Certain recombinant proteins and synthetic peptides mimic natural bone growth substances and these may be added to a device that is surgically implanted in a patient with a bone defect to promote new bone growth or to replace or heal existing bone. The FDA has approved devices such as Medtronic Infuse for orthopedic and dental use only in patients over the age of 18 who have finished growing (skeletal mature). The labeling for each product provides the specific indications for use. The FDA has not evaluated the safety and effectiveness of these devices in patients under age 18, whose skeletons are considered immature. Any product that affects bone growth could negatively impact skeletal development by altering normal bone formation and growth, especially if implanted near open growth plates, the FDA explains.

The FDA has received reports of serious injuries, including excess bone growth, fluid accumulation, inhibited bone healing, and swelling.

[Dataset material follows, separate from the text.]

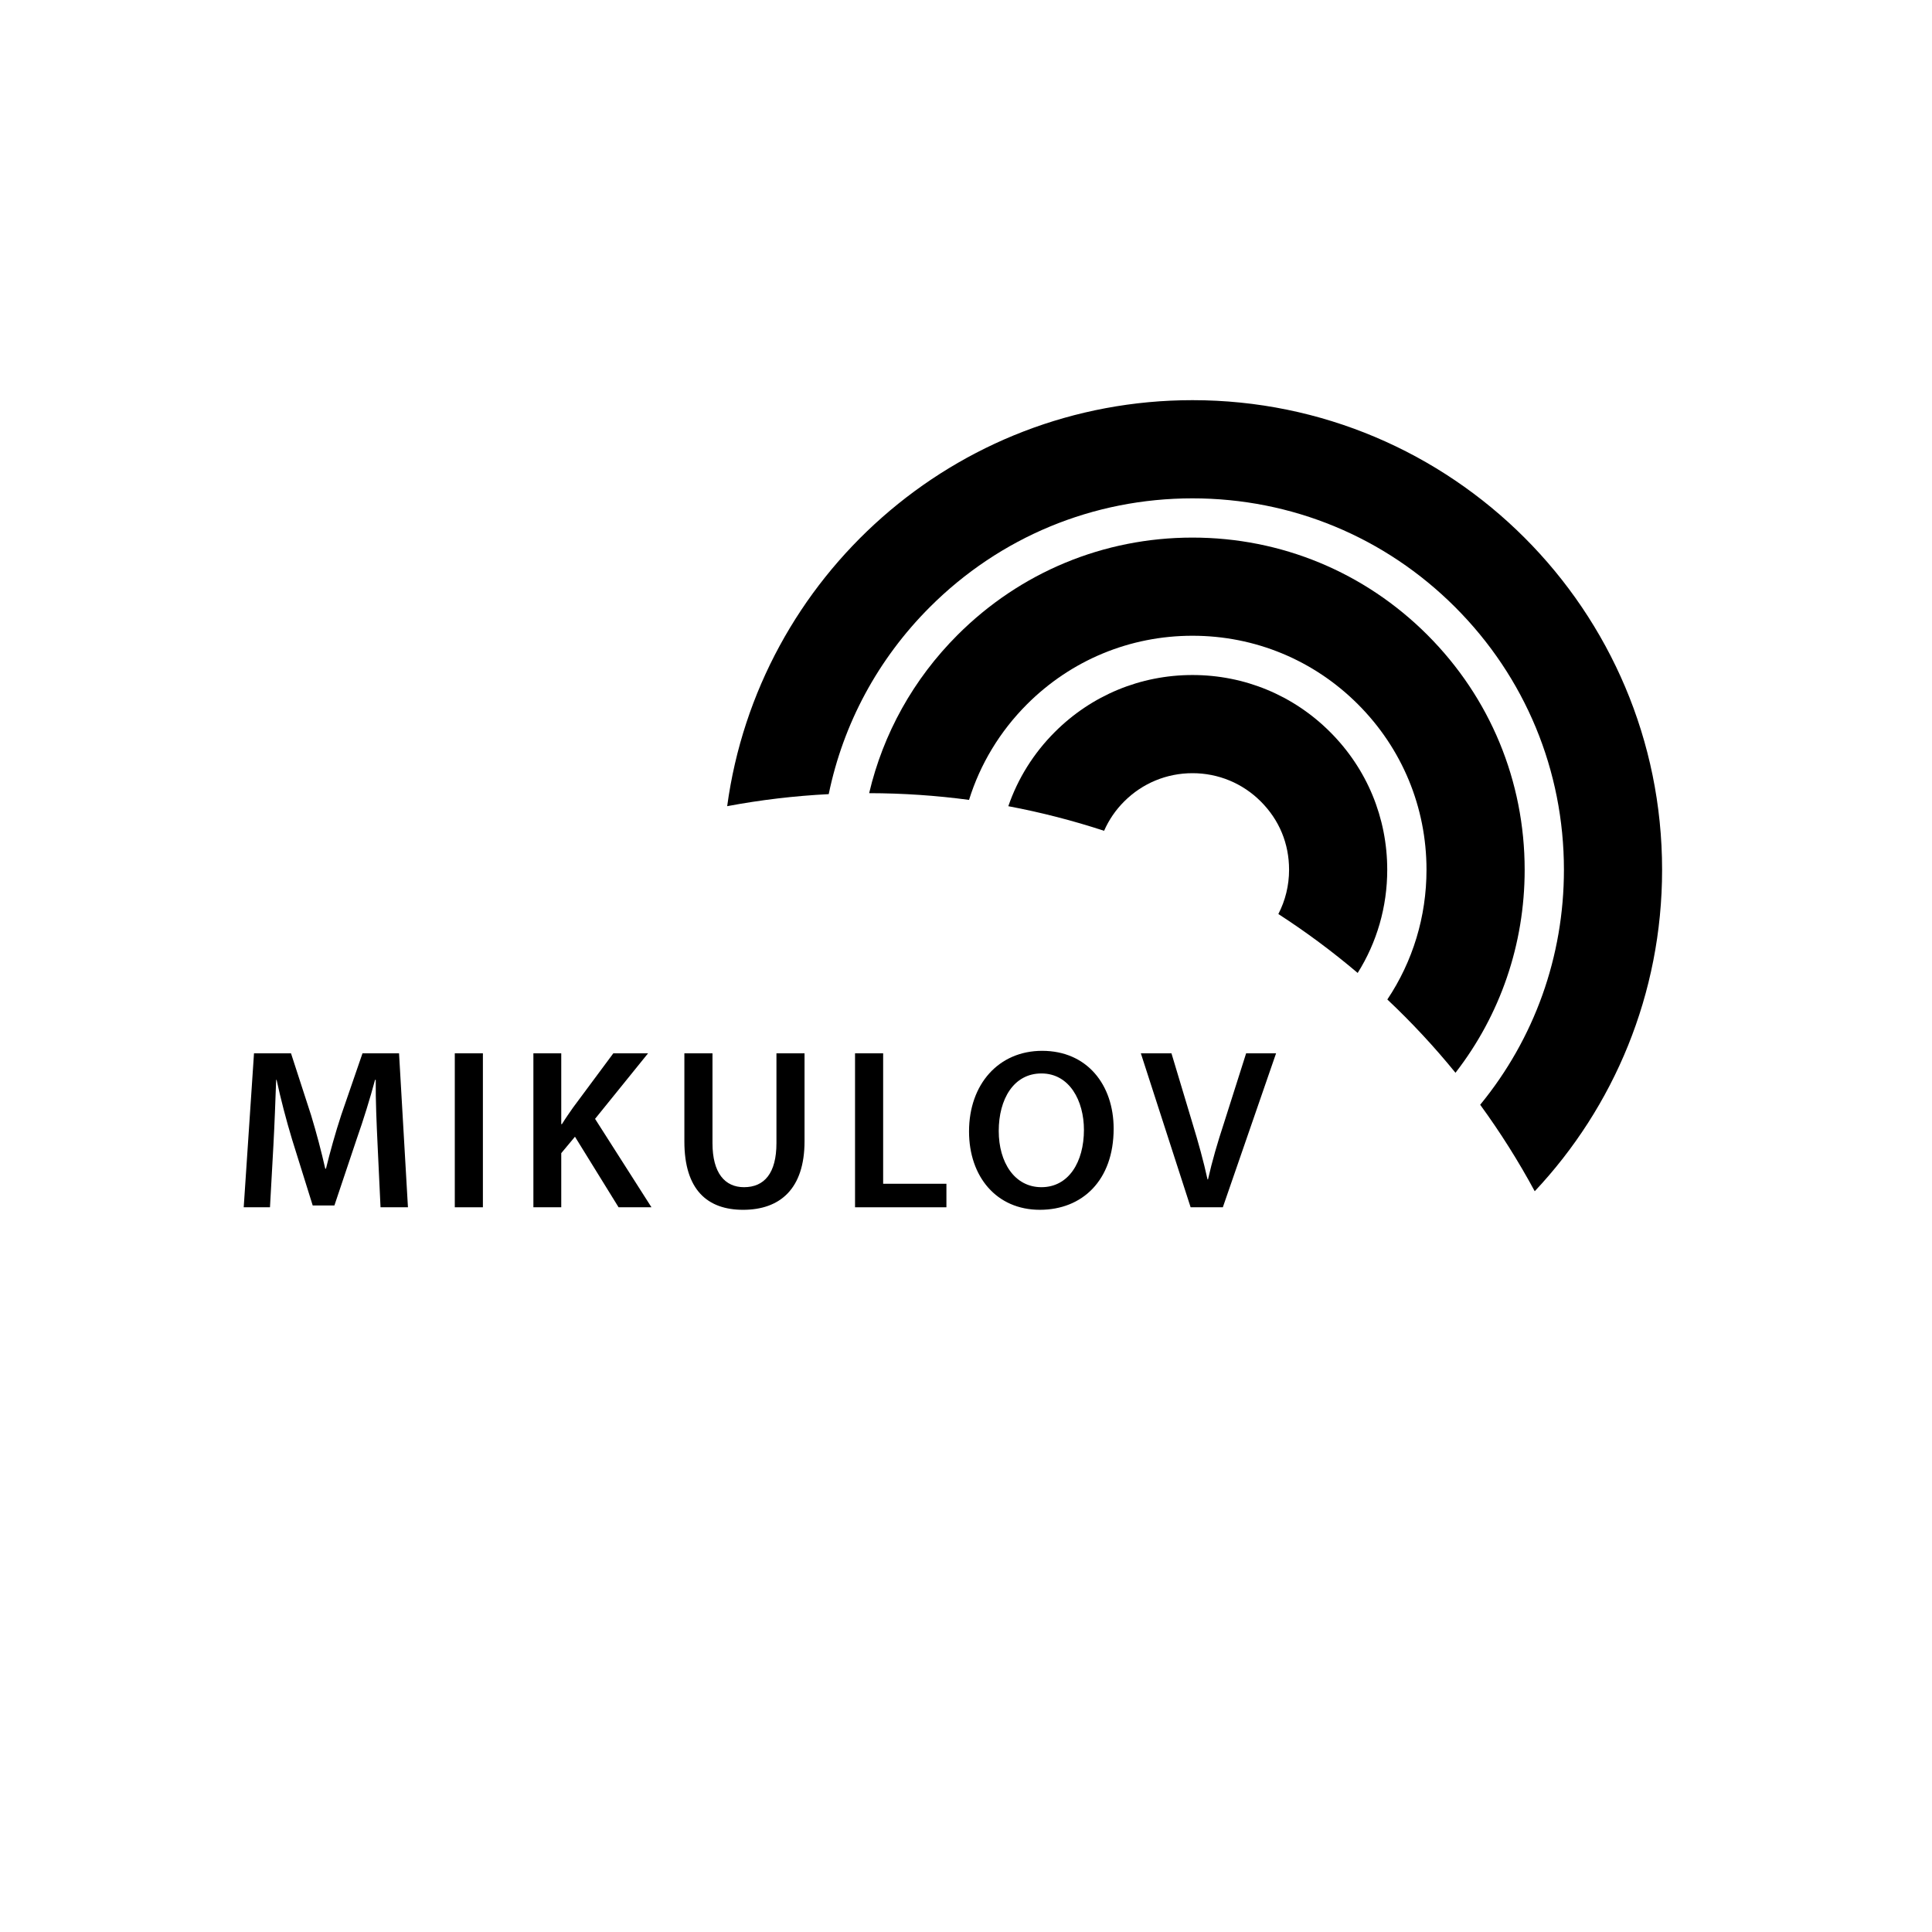 <?xml version="1.0" encoding="UTF-8"?> <!-- Generator: Adobe Illustrator 14.0.0, SVG Export Plug-In --> <svg xmlns="http://www.w3.org/2000/svg" xmlns:xlink="http://www.w3.org/1999/xlink" xmlns:a="http://ns.adobe.com/AdobeSVGViewerExtensions/3.0/" x="0px" y="0px" width="600px" height="600px" viewBox="-75.687 -124.274 600 600" xml:space="preserve"> <defs> </defs> <path d="M181.679,122.351c4.5-21.854,15.26-41.934,31.402-58.081c21.787-21.784,50.752-33.777,81.567-33.777 c30.809,0,59.779,11.993,81.567,33.777c21.789,21.792,33.79,50.758,33.79,81.572c0,26.928-9.162,52.426-26.006,72.979 c6.225,8.535,11.889,17.509,16.938,26.859c24.523-26.094,39.555-61.215,39.555-99.838C440.492,65.298,375.193,0,294.649,0 c-73.84,0-134.859,54.884-144.504,126.092C160.439,124.159,170.962,122.896,181.679,122.351z"></path> <path d="M294.649,85.359c-16.151,0-31.34,6.287-42.769,17.719c-6.599,6.594-11.472,14.453-14.426,23.021 c10.154,1.907,20.084,4.47,29.742,7.64c1.475-3.354,3.566-6.445,6.243-9.114c5.664-5.662,13.197-8.779,21.209-8.779 s15.545,3.117,21.209,8.779c5.75,5.751,8.788,13.078,8.788,21.218c0,4.864-1.151,9.543-3.328,13.741 c8.613,5.566,16.85,11.694,24.637,18.297c5.972-9.509,9.177-20.528,9.177-32.038c0-16.161-6.289-31.342-17.716-42.764 C325.993,91.646,310.8,85.359,294.649,85.359z"></path> <path d="M367.594,72.9c-19.488-19.482-45.393-30.22-72.945-30.22c-27.557,0-53.458,10.737-72.945,30.22 c-13.746,13.741-23.129,30.688-27.469,49.151c10.514,0.019,20.87,0.729,31.02,2.09c3.451-11.081,9.561-21.247,17.998-29.694 c13.733-13.724,31.978-21.283,51.396-21.283c19.417,0,37.662,7.559,51.385,21.283c13.729,13.732,21.292,31.976,21.292,51.395 c0,14.548-4.249,28.448-12.161,40.283c7.542,7.104,14.611,14.706,21.161,22.758c13.931-17.973,21.485-39.932,21.485-63.041 C397.811,118.294,387.077,92.384,367.594,72.9z"></path> <path d="M41.57,231.142c-0.286-6.165-0.636-13.619-0.566-20.063h-0.216c-1.559,5.812-3.548,12.266-5.673,18.298l-6.948,20.713 h-6.743l-6.384-20.432c-1.844-6.103-3.547-12.617-4.825-18.579h-0.139c-0.215,6.242-0.501,13.829-0.853,20.353L8.157,250.66H0 l3.196-47.818h11.49l6.241,19.229c1.7,5.601,3.193,11.283,4.401,16.604h0.214c1.273-5.189,2.906-11.073,4.746-16.673l6.603-19.159 h11.349l2.766,47.818h-8.514L41.57,231.142z"></path> <path d="M74.28,202.842v47.818h-8.727v-47.818H74.28z"></path> <path d="M89.962,202.842h8.653v21.986h0.214c1.133-1.835,2.34-3.539,3.477-5.172l12.482-16.814h10.785l-16.458,20.354l17.52,27.464 H116.42l-13.546-21.917l-4.258,5.102v16.814h-8.653V202.842z"></path> <path d="M145.58,202.842v27.887c0,9.36,3.903,13.688,9.79,13.688c6.313,0,10.075-4.328,10.075-13.688v-27.887h8.723v27.307 c0,14.76-7.591,21.293-19.079,21.293c-11.069,0-18.238-6.183-18.238-21.223v-27.376H145.58z"></path> <path d="M189.853,202.842h8.729v40.512h19.649v7.306h-28.378V202.842z"></path> <path d="M270.165,226.25c0,16.033-9.718,25.191-22.917,25.191c-13.477,0-21.994-10.3-21.994-24.331 c0-14.697,9.224-25.041,22.706-25.041C261.929,202.07,270.165,212.632,270.165,226.25z M234.479,226.962 c0,9.72,4.895,17.455,13.262,17.455c8.446,0,13.198-7.807,13.198-17.807c0-9.008-4.471-17.515-13.198-17.515 C239.092,209.095,234.479,217.11,234.479,226.962z"></path> <path d="M294.074,250.66l-15.462-47.818h9.508l6.52,21.706c1.844,6.032,3.407,11.633,4.68,17.454h0.149 c1.278-5.672,2.978-11.494,4.896-17.306l6.944-21.854h9.299l-16.533,47.818H294.074z"></path> </svg>

While these events are also reported in patients over 18, they are of greater concern in patients whose bones are still growing and vital organs and tissues are closer together than in a body that has finished growing. Small changes to one organ/tissue in a growing body can have serious effects on another, the FDA says. Parents or guardians should contact their physician if a child treated with these products experiences  fever, swelling, rash, pain, or physical changes near the implantation site.

Because there are limited treatment options for patients under 18 with significant bone defects or rare bone disorders, healthcare providers may determine that these products are the best or only option. But the FDA advises doctors to consider other options—for example, grafting bone from another part of the patient’s body or bone transplanted from another person—before using bone graft substitutes containing recombinant proteins or synthetic peptides.